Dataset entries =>
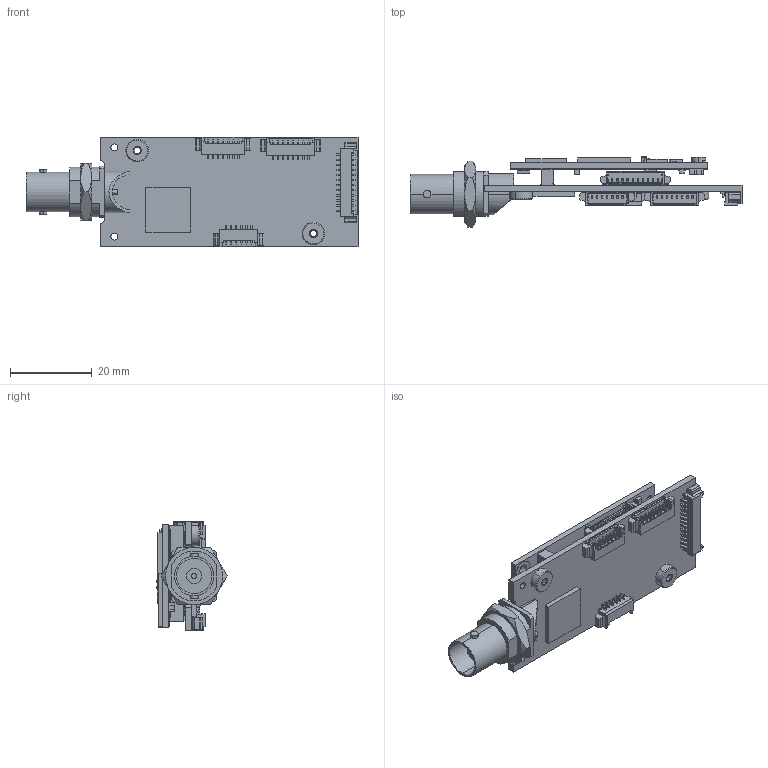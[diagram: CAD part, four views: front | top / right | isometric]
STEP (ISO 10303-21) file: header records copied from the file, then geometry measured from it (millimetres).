
FILE_DESCRIPTION (( 'STEP AP214' ), '1' );
FILE_NAME ('2467.STEP', '2021-04-12T16:40:59', ( '' ), ( '' ), 'SwSTEP 2.0', 'SolidWorks 2012', '' );
FILE_SCHEMA (( 'AUTOMOTIVE_DESIGN' ));
Length unit declared in the file: inch
Products named in the file (24): HDR-1.25mm_PicoBlade_SM_RA_10 pin; HDR-1.25mm_PicoBlade_SM_RA_12 pin; PEM KF2_M2x2 SMT; BNC_Edge Launch; IC_11x11; 2960; SOT-23-5; LED_0603; IC_3x3; IC_5x5; SOT-23; Cap_ceramic_0805; Choke ELL4; IC_9x12.5; IC_13x13; IC_10x13; DF40; HDR-1.25mm_PicoBlade_SM_RA_8 pin; HDR-1.25mm_PicoBlade_SM_RA_7 pin; HDR-1.25mm_PicoBlade_SM_RA_6 pin; DF40F-60_4mm; 2467TA; 2467
Assembly tree (37 placements, depth 3):
  2467
    2467TA
    DF40F-60_4mm  x2
    HDR-1.25mm_PicoBlade_SM_RA_6 pin
    HDR-1.25mm_PicoBlade_SM_RA_7 pin
    HDR-1.25mm_PicoBlade_SM_RA_8 pin
    2960
      2960
      DF40  x2
      IC_10x13
      IC_13x13
      IC_9x12.5
      Choke ELL4  x3
      Cap_ceramic_0805  x6
      SOT-23
      IC_5x5
      IC_3x3
      LED_0603  x4
      SOT-23-5  x2
    IC_11x11
    BNC_Edge Launch
    PEM KF2_M2x2 SMT  x2
    HDR-1.25mm_PicoBlade_SM_RA_12 pin
    HDR-1.25mm_PicoBlade_SM_RA_10 pin
Bounding box: 81.36 x 17.17 x 26.92 mm (x, y, z)
Volume: 7713.7 mm3; surface area: 13212.8 mm2
Topology: 102 solids, 102 shells, 6711 faces, 17979 edges, 11880 vertices
Faces by surface type: plane 5603, cylinder 1052, cone 56
Entity records: 167358 total; most frequent: CARTESIAN_POINT 22078, ORIENTED_EDGE 21422, DIRECTION 20025, EDGE_CURVE 10711, VECTOR 9419, LINE 9419, VERTEX_POINT 7052, AXIS2_PLACEMENT_3D 5303
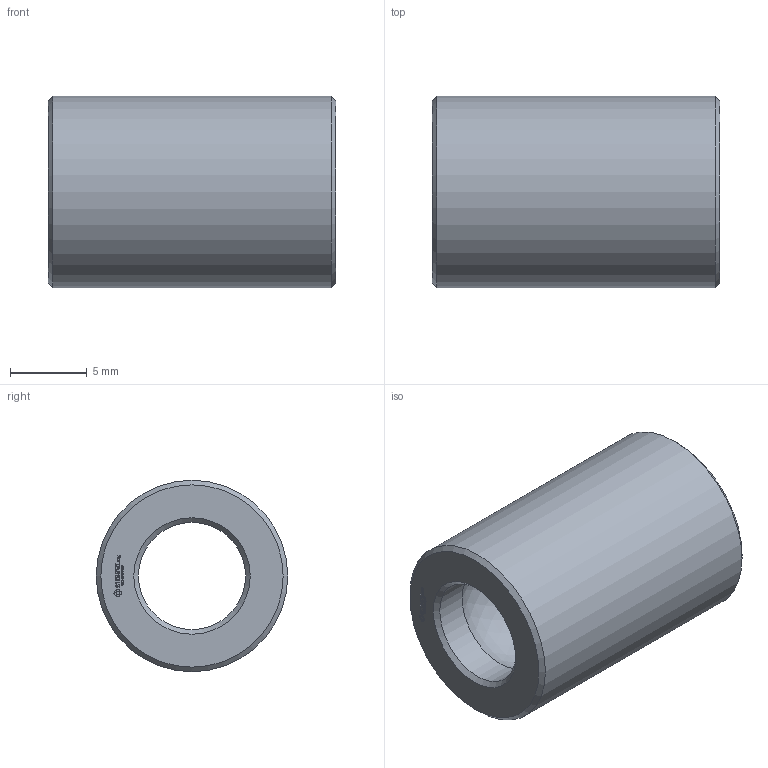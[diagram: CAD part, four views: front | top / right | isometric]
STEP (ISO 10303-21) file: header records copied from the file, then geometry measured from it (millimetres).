
FILE_DESCRIPTION(('FreeCAD Model'),'2;1');
FILE_NAME('Open CASCADE Shape Model','2024-01-02T00:20:31',(''),(''), 'Open CASCADE STEP processor 7.6','FreeCAD','Unknown');
FILE_SCHEMA(('AUTOMOTIVE_DESIGN { 1 0 10303 214 1 1 1 1 }'));
Length unit declared in the file: millimetre
Products named in the file (1): Spacer FRE BU01.00x01.50 - SPN-SPR-0055 (stemfie.org)
Bounding box: 18.75 x 12.5 x 12.5 mm (x, y, z)
Volume: 1443.3 mm3; surface area: 1346.8 mm2
Topology: 1 solids, 1 shells, 519 faces, 1447 edges, 962 vertices
Faces by surface type: plane 307, extrusion 202, cylinder 4, cone 4, sphere 2
Full cylindrical faces by diameter (mm): 7 x3, 12.5 x1
Entity records: 35532 total; most frequent: CARTESIAN_POINT 7843, DIRECTION 4385, VECTOR 3717, LINE 3515, ORIENTED_EDGE 2894, PCURVE 2894, DEFINITIONAL_REPRESENTATION 2894, EDGE_CURVE 1447
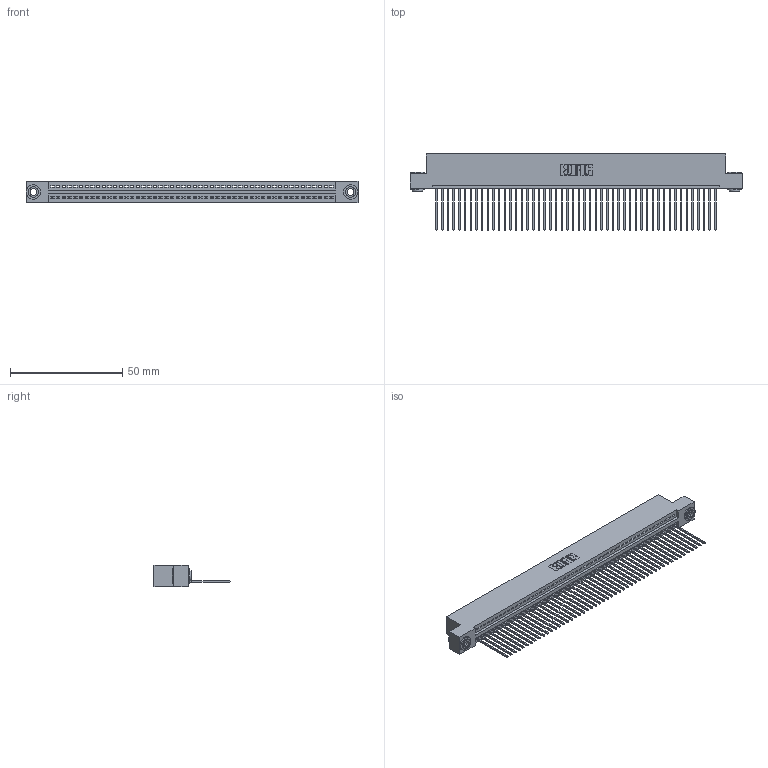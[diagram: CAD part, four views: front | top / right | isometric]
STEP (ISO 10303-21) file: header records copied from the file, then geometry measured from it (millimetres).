
FILE_DESCRIPTION (( 'STEP AP203' ), '1' );
FILE_NAME ('395-050-541-103.STEP', '2019-10-23T06:48:44', ( '' ), ( '' ), 'SwSTEP 2.0', 'SolidWorks 2016', '' );
FILE_SCHEMA (( 'CONFIG_CONTROL_DESIGN' ));
Length unit declared in the file: inch
Products named in the file (4): 345-250-002_345-250-002-102; 345-292-001_345-293-141; 395-050-541-103; 345 Part_Flush Mounting Lugs - 0.156 Dia-TH
Assembly tree (53 placements, depth 2):
  395-050-541-103
    345 Part_Flush Mounting Lugs - 0.156 Dia-TH
    345-292-001_345-293-141  x50
    345-250-002_345-250-002-102  x2
Bounding box: 148.21 x 33.96 x 9.4 mm (x, y, z)
Volume: 14327 mm3; surface area: 20333.3 mm2
Topology: 53 solids, 53 shells, 3064 faces, 9217 edges, 6074 vertices
Faces by surface type: plane 2090, cylinder 966, cone 8
Entity records: 37222 total; most frequent: CARTESIAN_POINT 6425, ORIENTED_EDGE 6402, DIRECTION 5631, EDGE_CURVE 3201, LINE 2845, VECTOR 2845, VERTEX_POINT 2130, AXIS2_PLACEMENT_3D 1393
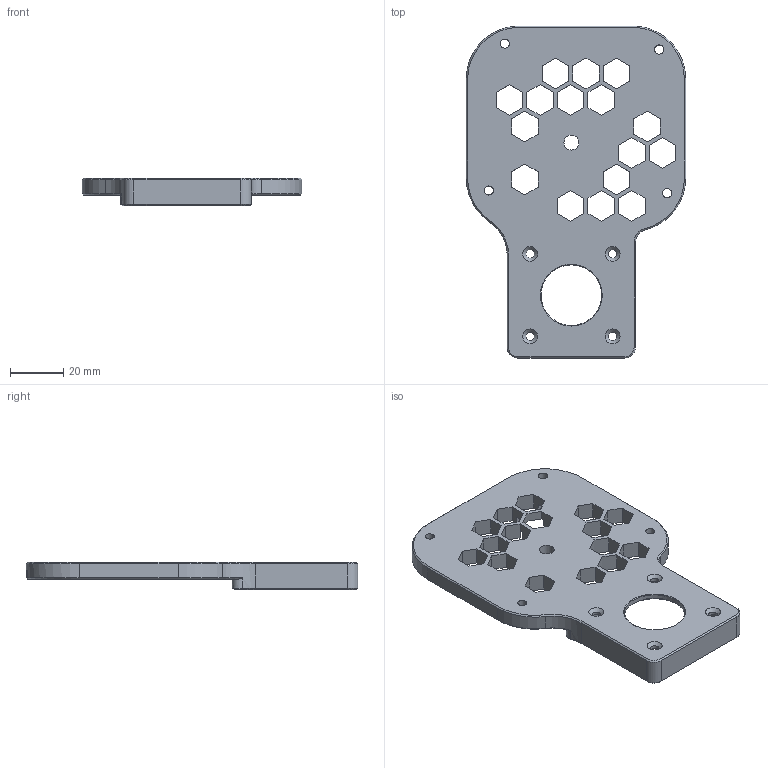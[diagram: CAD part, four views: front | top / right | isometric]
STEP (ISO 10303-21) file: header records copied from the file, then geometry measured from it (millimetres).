
FILE_DESCRIPTION(/* description */ (''),/* implementation_level */ '2;1');
FILE_NAME(/* name */ '3. Motor Mount.step',/* time_stamp */ '2020-05-05T09:18:06-03:00',/* author */ (''),/* organization */ (''),/* preprocessor_version */ 'ST-DEVELOPER v18.1',/* originating_system */ 'Autodesk Translation Framework v9.2.0.1227',/* authorisation */ '');
FILE_SCHEMA (('AUTOMOTIVE_DESIGN { 1 0 10303 214 3 1 1 }'));
Length unit declared in the file: millimetre
Products named in the file (1): 2040 Carriage Motor
Bounding box: 82.5 x 124.82 x 10.4 mm (x, y, z)
Volume: 35969.3 mm3; surface area: 21573.7 mm2
Topology: 1 solids, 1 shells, 210 faces, 581 edges, 372 vertices
Faces by surface type: plane 152, cone 32, cylinder 26
Full cylindrical faces by diameter (mm): 3.2 x4, 3.4 x3, 3.5 x1, 5.6 x1, 22.8 x1
Entity records: 6739 total; most frequent: CARTESIAN_POINT 1194, ORIENTED_EDGE 1162, DIRECTION 1085, EDGE_CURVE 581, LINE 479, VECTOR 479, VERTEX_POINT 372, AXIS2_PLACEMENT_3D 303

Task prompt =>
Which of the lines in the data contain the string "cone"? Return each one.

Exercise result =>
Faces by surface type: plane 5603, cylinder 1052, cone 56
Faces by surface type: plane 307, extrusion 202, cylinder 4, cone 4, sphere 2
Faces by surface type: plane 2090, cylinder 966, cone 8
Faces by surface type: plane 152, cone 32, cylinder 26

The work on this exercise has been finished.